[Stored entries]
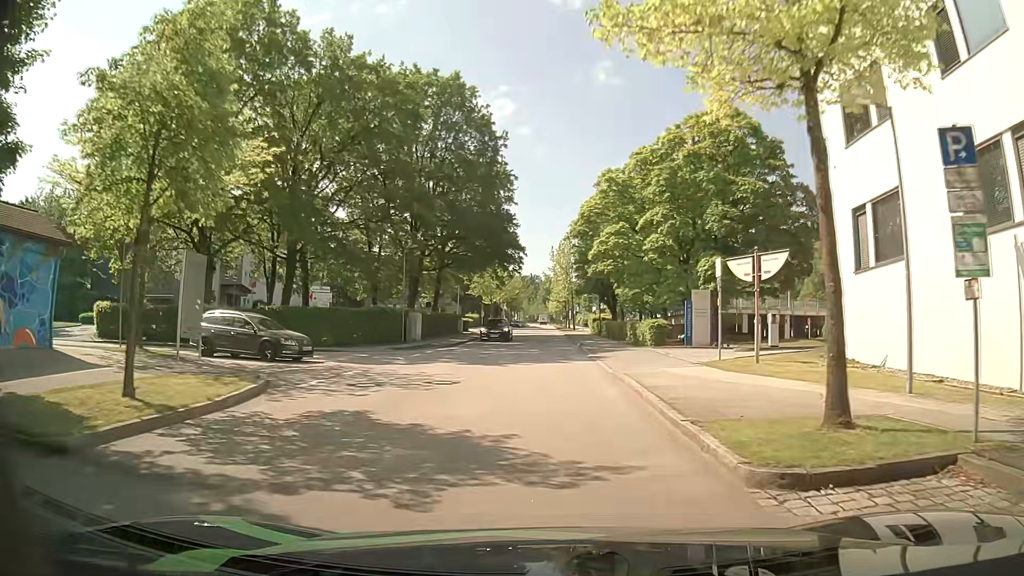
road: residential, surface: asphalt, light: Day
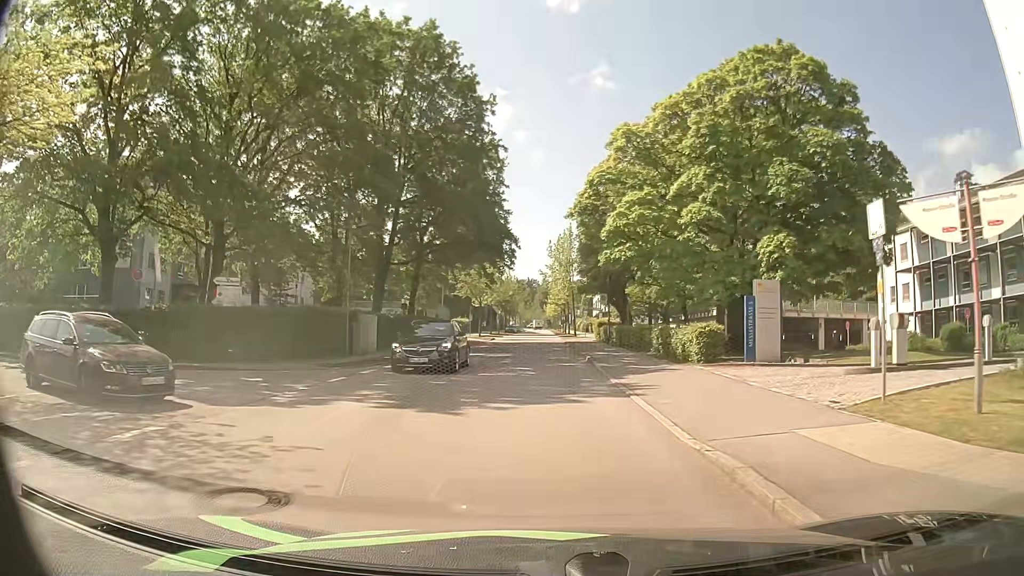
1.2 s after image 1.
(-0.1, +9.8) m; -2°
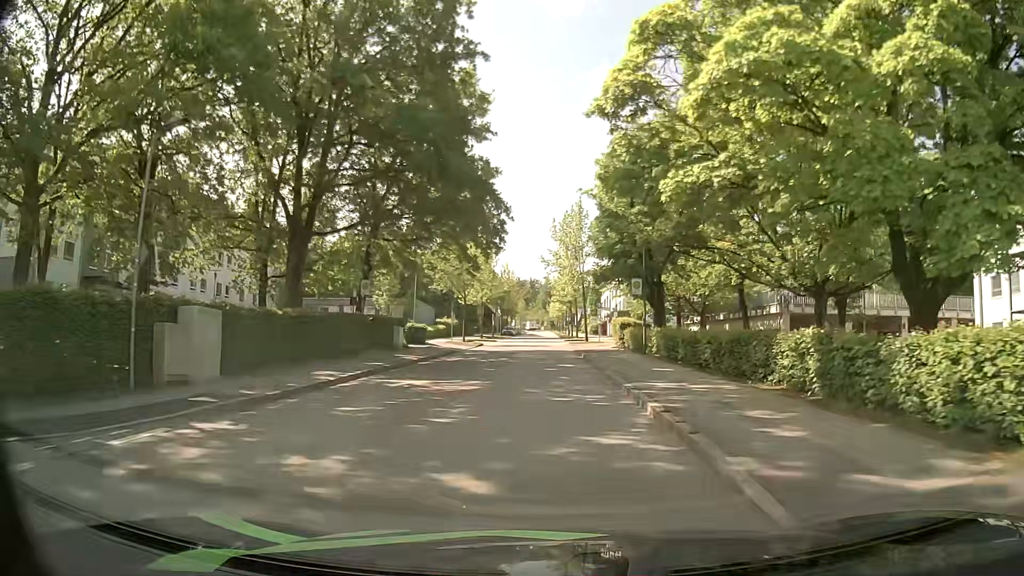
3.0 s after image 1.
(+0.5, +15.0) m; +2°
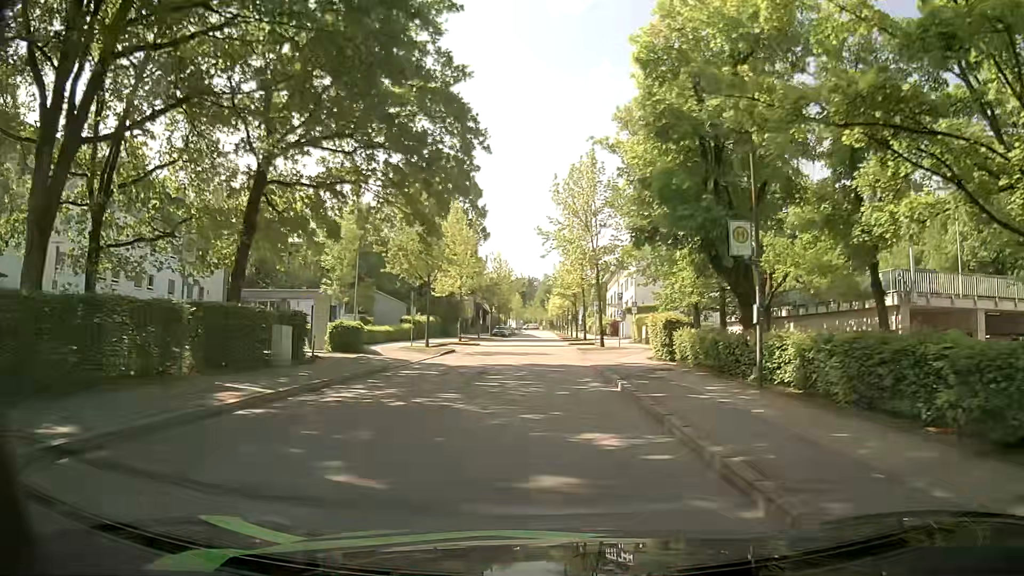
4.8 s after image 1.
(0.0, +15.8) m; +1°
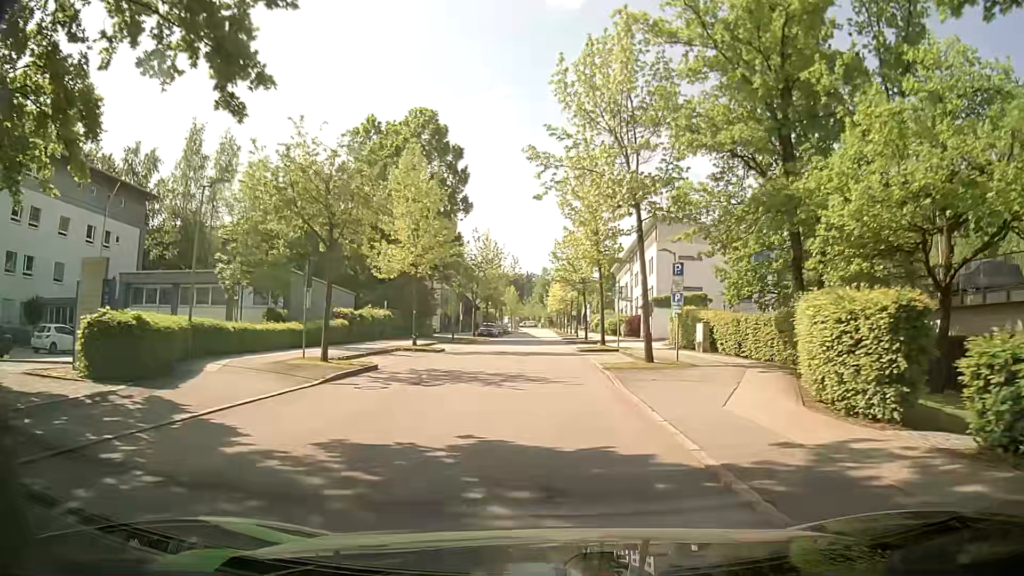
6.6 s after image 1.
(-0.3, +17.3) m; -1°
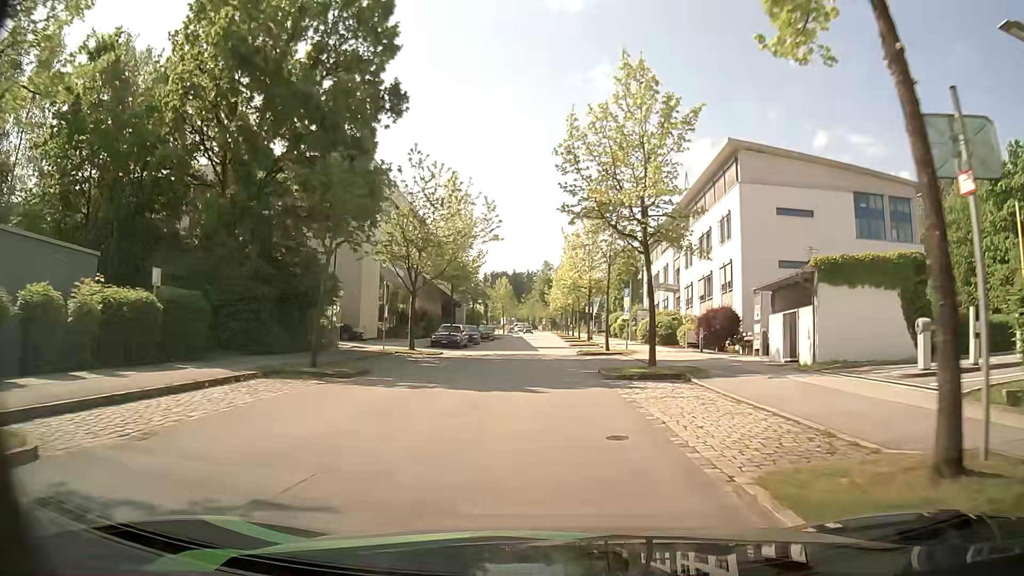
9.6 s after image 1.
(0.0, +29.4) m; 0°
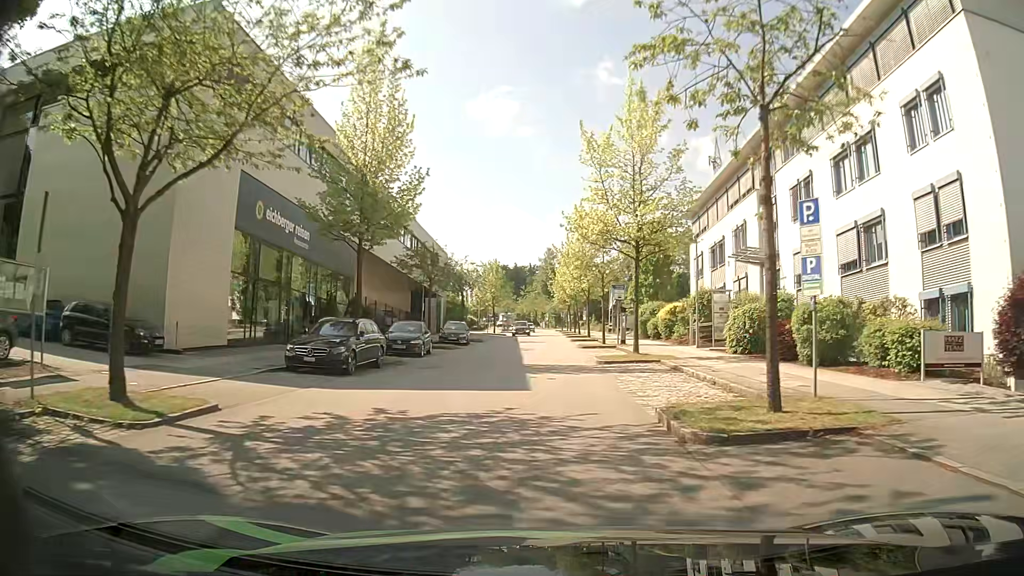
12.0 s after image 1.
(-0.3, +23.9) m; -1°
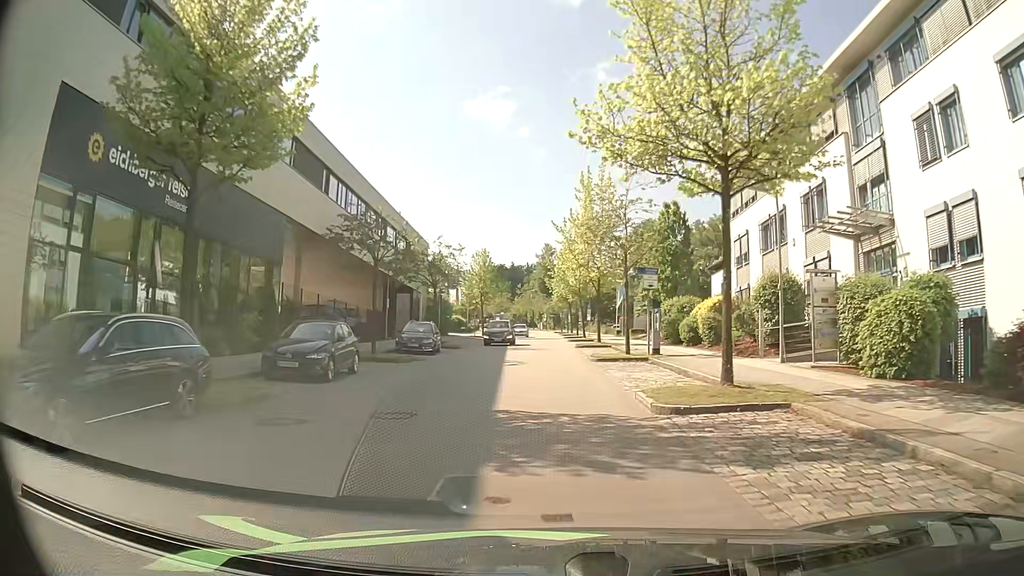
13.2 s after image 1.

**PROBLEM**
The job here is to retype the data exactly, with no pictures included.

**RESULT OF THIS EXERCISE**
road: residential, surface: asphalt, light: Day
1.2 s after image 1.
(-0.1, +9.8) m; -2°
3.0 s after image 1.
(+0.5, +15.0) m; +2°
4.8 s after image 1.
(0.0, +15.8) m; +1°
6.6 s after image 1.
(-0.3, +17.3) m; -1°
9.6 s after image 1.
(0.0, +29.4) m; 0°
12.0 s after image 1.
(-0.3, +23.9) m; -1°
13.2 s after image 1.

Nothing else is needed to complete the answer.